News

Kontraktor Pembangunan Gedung SMPN 34 Kota Tangerang Kabur

×

Kontraktor Pembangunan Gedung SMPN 34 Kota Tangerang Kabur

Sebarkan artikel ini
Gedung smpn 34
Gedung SMPN 34 Kota Tangerang (Ist)

KITAINDONESIASATU.COM-Kontraktor pembangunan SMPN Pinang Kota Tangerang di Jalan Rasuna Said, Kecamatan Pinang, kabur, sehingga gedung untuk kegiatan belajar megajar tersebut mangkrak. Padahal pebanbnan gedung baru mencapai 45 persen.

Komisi IV DPRD Kota Tangerang dalam sidaknya (Inspeksi mendadak) pada pekan lalu mendapat informasi bahwa kontraktor proyek, PT Somba Hasbo, sudah kabur. Padahal kontraktor yang berkantor di Jakarta Timur itu, telah menyerap termin pembayaran dari total nilai kontrak sebesar Rp 13,2 miliar.

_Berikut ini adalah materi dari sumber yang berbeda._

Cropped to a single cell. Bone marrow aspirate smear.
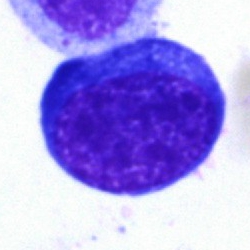

Specimen: bone marrow aspirate smear.
Classification: proerythroblast.
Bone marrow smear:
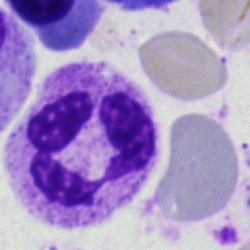

Single cell identified as a polymorphonuclear neutrophil.
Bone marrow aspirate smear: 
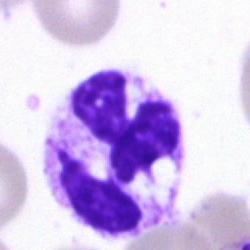

This is a neutrophil (segmented).
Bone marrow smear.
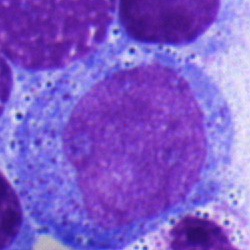The cell shown is a promyelocyte.
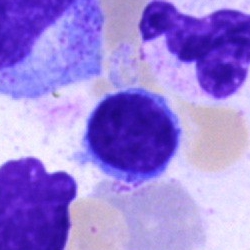

Bone marrow smear showing a typical lymphocyte.
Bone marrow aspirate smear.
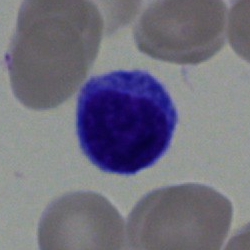A typical lymphocyte.
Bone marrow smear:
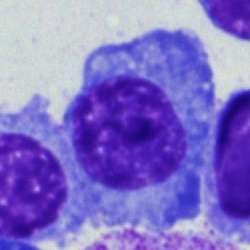
Plasmacyte.
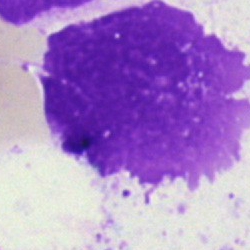
Q: What is shown here?
A: This is an artifact.
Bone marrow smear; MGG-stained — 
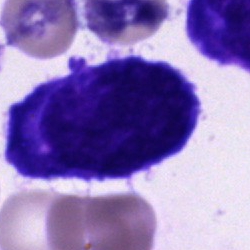 Q: What cell is this?
A: Unidentifiable cell.
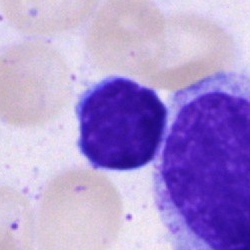 Specimen: bone marrow smear.
Morphological class: typical lymphocyte.
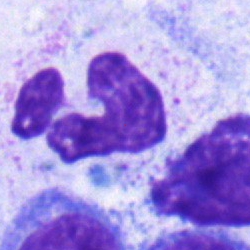 Classification — neutrophil (segmented).
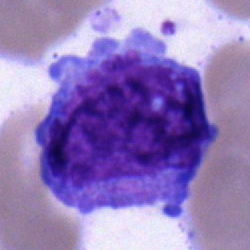Morphology → blast cell.
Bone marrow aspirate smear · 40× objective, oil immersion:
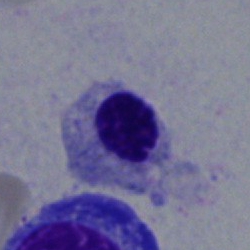

Impression → normoblast.
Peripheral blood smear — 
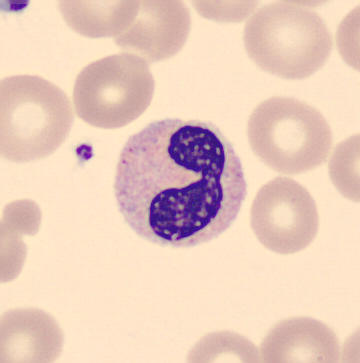

Q: Identify the cell.
A: It is a band-form neutrophil.
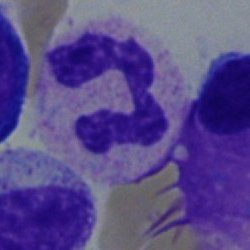 Classification = polymorphonuclear neutrophil.
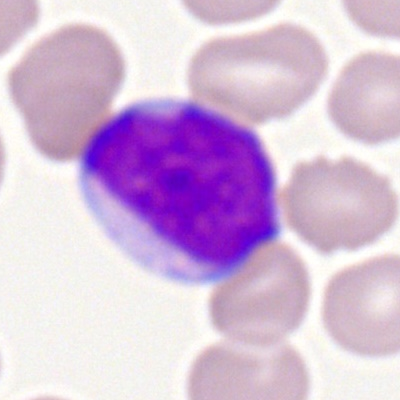 Q: What is the morphological classification of this cell?
A: This is a myeloblast.
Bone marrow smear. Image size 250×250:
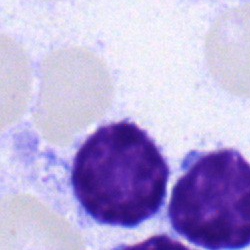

Berdasarkan informasi pada papan proyek, lanjutan pembangunan SMPN Pinang Kota Tangerang seharusnya selesai pada Desember 2024. Namun, hingga saat ini, progres pembangunan baru mencapai 45 persen. Dapaknya, kegiatan belajar mengajar dilakukan di ruangan yang belum sepenuhnya selesa, meskipun membahayakan.

Ketua Komisi IV DPRD Kota Tangerang Supiani menyrsalkan dan menyangkan kejadian ini.  “Seharusnya gedung ini pembangunannya selesai tahun lalu, tapi malah terbengkalai karena kontraktornya kabur,” ujarnya.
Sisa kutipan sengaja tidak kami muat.